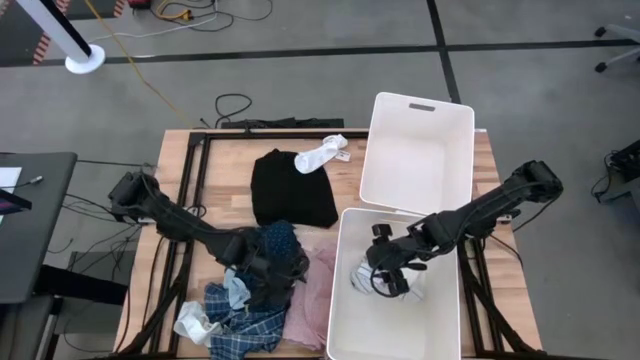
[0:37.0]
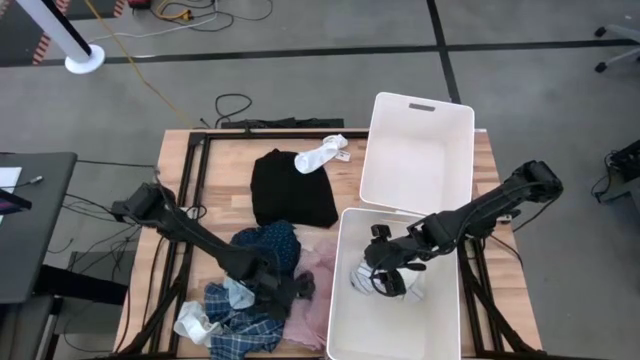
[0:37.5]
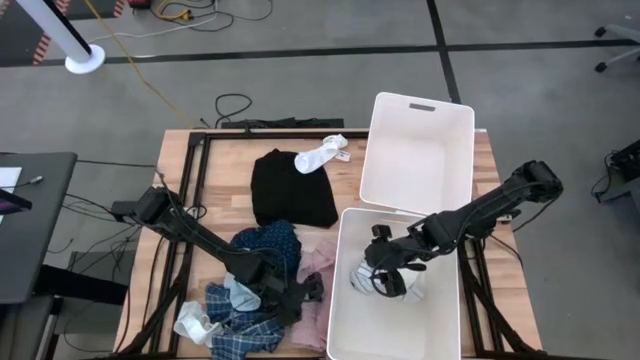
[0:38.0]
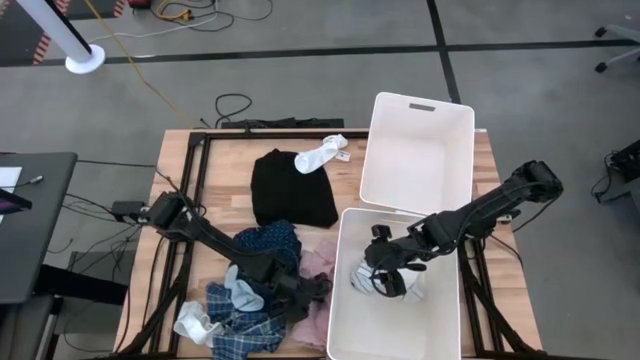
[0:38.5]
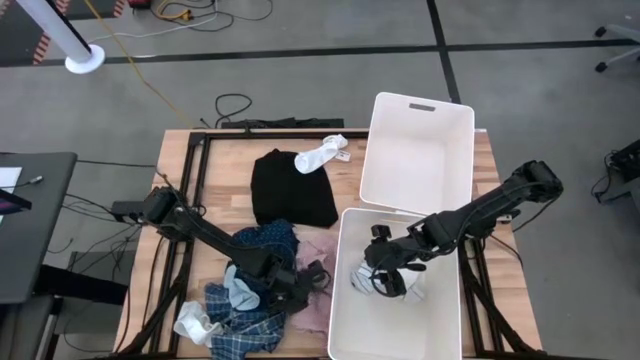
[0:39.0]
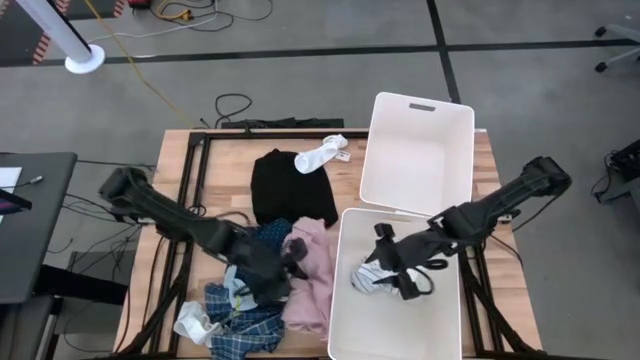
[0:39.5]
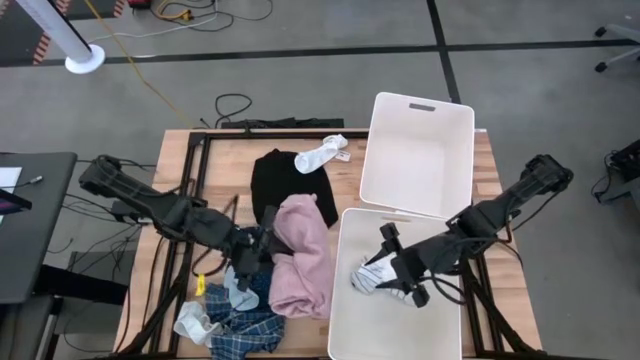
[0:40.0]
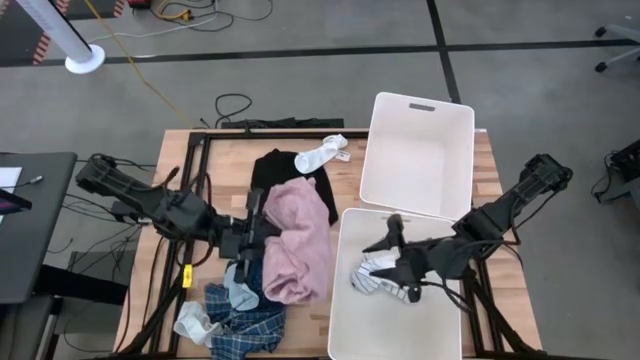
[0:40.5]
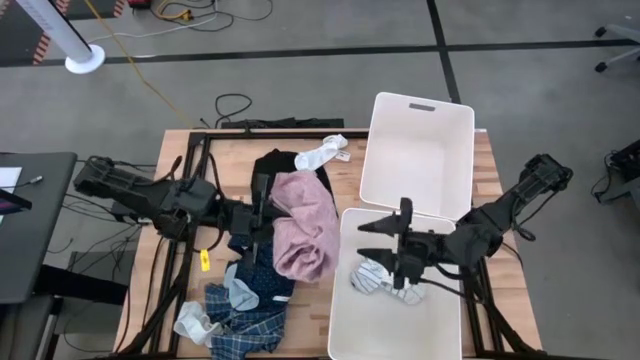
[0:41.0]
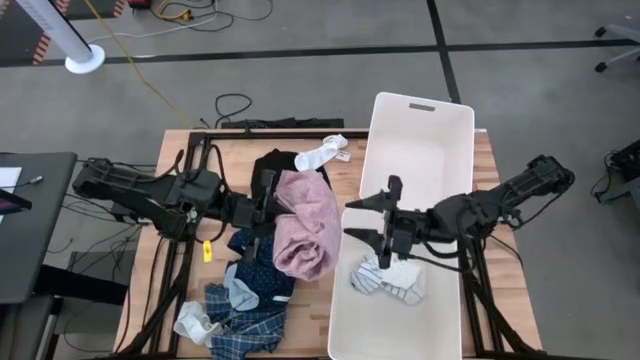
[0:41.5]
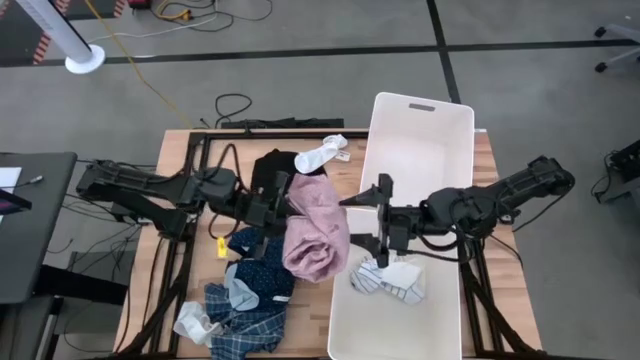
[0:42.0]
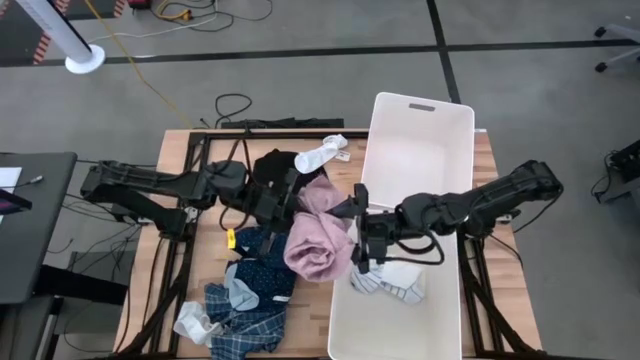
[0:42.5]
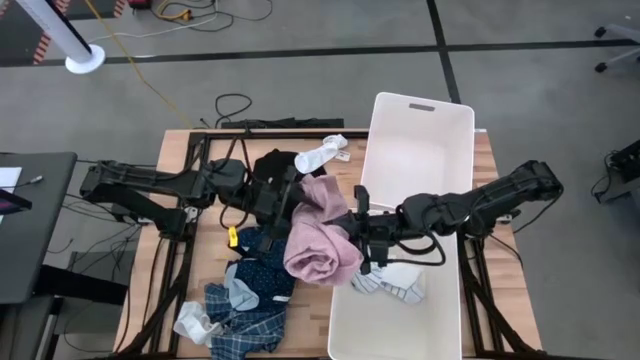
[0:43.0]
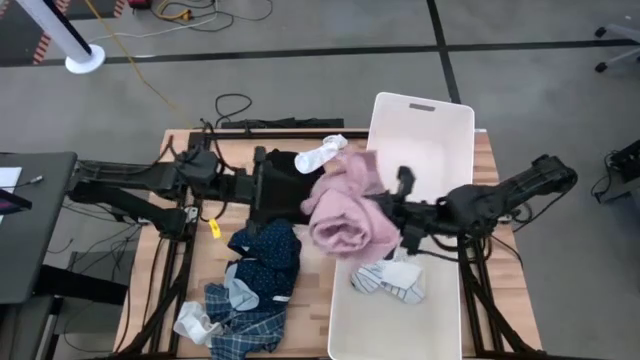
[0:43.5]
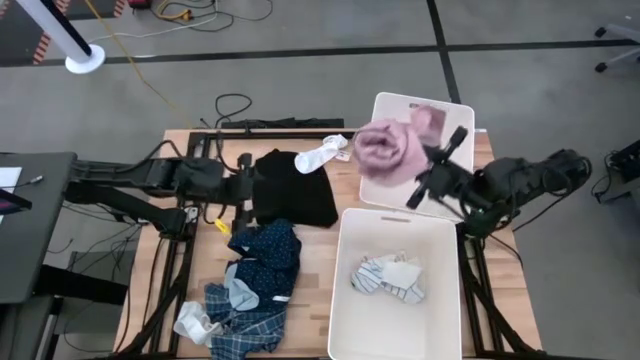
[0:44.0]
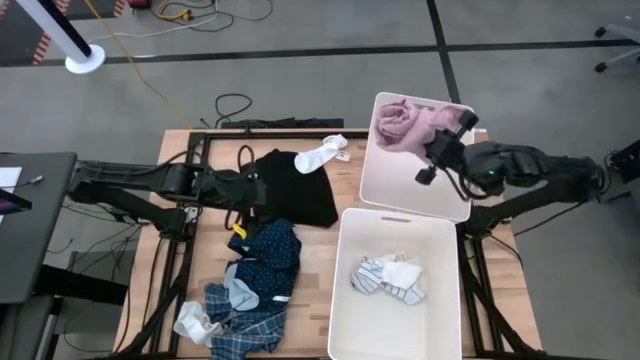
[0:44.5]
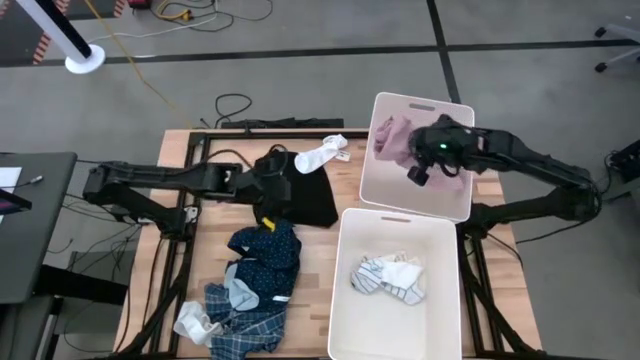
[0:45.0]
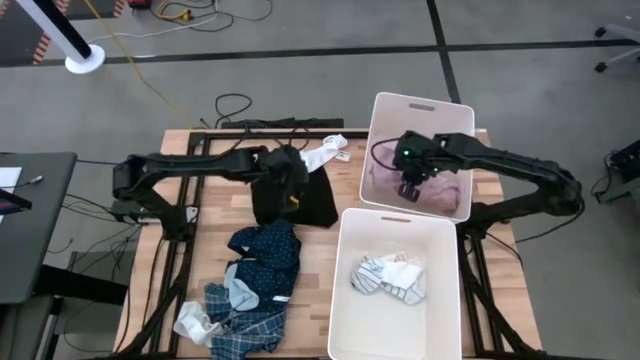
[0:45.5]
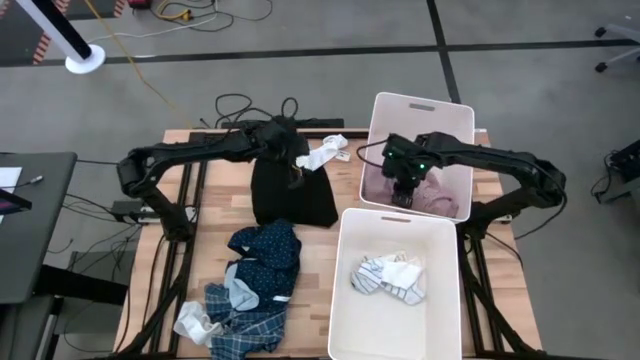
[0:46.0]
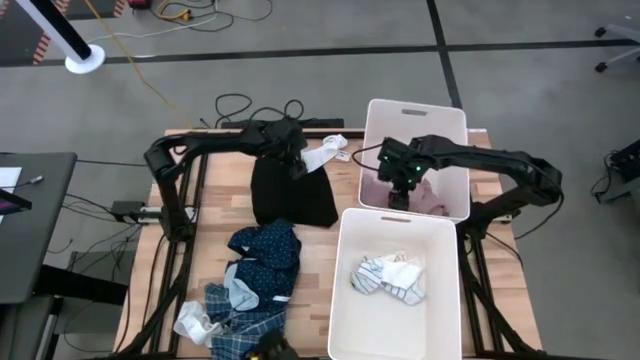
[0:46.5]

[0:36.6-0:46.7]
Task: Sort clothes
Put the pink polo into the top laundry bin
*-*-*
Reproduce the records in full and leave the images behind.

[0:37.0]
[0:37.5]
[0:38.0]
[0:38.5]
[0:39.0]
[0:39.5]
[0:40.0]
[0:40.5]
[0:41.0]
[0:41.5]
[0:42.0]
[0:42.5]
[0:43.0]
[0:43.5]
[0:44.0]
[0:44.5]
[0:45.0]
[0:45.5]
[0:46.0]
[0:46.5]

[0:36.6-0:46.7]
Task: Sort clothes
Put the pink polo into the top laundry bin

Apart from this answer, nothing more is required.